Loop fission is a code transformation technique that works by splitting a loop into multiple loops over the same index range, each one taking only a part of the original loop body. The goal is to isolate statements that can take advantage of compiler and hardware optimizations, separating them from other statements preventing those optimizations. It is worth exploring the application of loop fission in codes with the following features:
- Loop-carried dependencies between statements of the loop – e.g. when the data needed in the current iteration of the loop depends on the data from the previous iteration of the loop.
- Conditional statements in the loop body that depend on the data – e.g. when conditional statements in the loop body depend on input data, the execution path of the code cannot be anticipated and performance optimizations may be disabled at run-time.
- Non-sequential memory accesses in the loop – e.g. non-sequential memory accesses do not exhibit good locality of reference, thus the code does not take full advantage of the hardware cache memory and compiler optimizations may be disabled.

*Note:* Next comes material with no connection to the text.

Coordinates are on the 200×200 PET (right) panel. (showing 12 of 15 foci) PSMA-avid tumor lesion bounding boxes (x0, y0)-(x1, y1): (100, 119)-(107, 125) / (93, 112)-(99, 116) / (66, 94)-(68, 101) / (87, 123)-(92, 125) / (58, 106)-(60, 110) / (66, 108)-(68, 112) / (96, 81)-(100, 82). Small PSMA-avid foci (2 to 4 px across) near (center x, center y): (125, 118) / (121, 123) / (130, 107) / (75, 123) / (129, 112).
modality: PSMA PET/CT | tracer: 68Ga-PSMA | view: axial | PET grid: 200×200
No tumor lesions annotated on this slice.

Loop fission enables more efficient code by taking advantage of memory efficiency, vectorization and offloading to accelerators.
Note
Loop fission introduces overheads (e.g. loop control increment and branching), so in general it is necessary to run and benchmark the code to determine if loop fission brings performance gain.

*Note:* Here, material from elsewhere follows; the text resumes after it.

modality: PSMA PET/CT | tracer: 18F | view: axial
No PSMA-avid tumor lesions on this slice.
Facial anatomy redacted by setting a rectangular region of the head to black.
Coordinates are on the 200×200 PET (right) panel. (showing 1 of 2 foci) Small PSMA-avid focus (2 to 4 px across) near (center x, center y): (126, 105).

Better memory efficiency through loop fission #
Writing code that makes efficient use of memory is essential to write performant code for modern hardware. For example, loop fission enables writing smaller loops to achieve a better utilization of locality of reference. It can be more efficient in multithreaded code, as individual threads may benefit from single-core optimizations when running on multi-core processors. Note loop fission introduces overheads (e.g. loop control increment and branching), so in general it is necessary to run and benchmark the code to determine if loop fission brings performance gain.
Enabling vectorization through loop fission #
Writing code that makes efficient use of vectorization is essential to write performant code for modern hardware. For example, loop fission enables splitting an non-vectorizable loop into two or more loops. The goal of the fission is to isolate the statements preventing the vectorization into a dedicated loop. By doing this, we enable vectorization in the rest of the loop, which can lead to speed improvements. Note loop fission introduces overheads (e.g. loop control increment and branching), so in general it is necessary to run and benchmark the code to determine if loop fission brings performance gain.
Loop fission and offloading to accelerators #
Typically, the term offloading refers to moving the execution of a program or a part of the program from the CPU to hardware accelerators, such as GPUs. In contrast to CPUs, which offer limited parallelism, accelerators and GPUs are massively-parallel architectures that can speed up solving certain types of problems. The CPU and accelerators have distinct memories, and the major limiting factor to offloading performance is data movements, that is moving data from the memory of one to the memory of the other.
Writing performant code for accelerators is a complex time-consuming undertaking. Efficient GPU code must make an efficient use of memory through good locality of reference, of vectorization to enable fast execution in the GPU cores, and of parallelism to exploit the computational power of the thousands of GPU cores typically available in the hardware. Thus, loop fission offers a useful code transformation in the scope of GPU programming.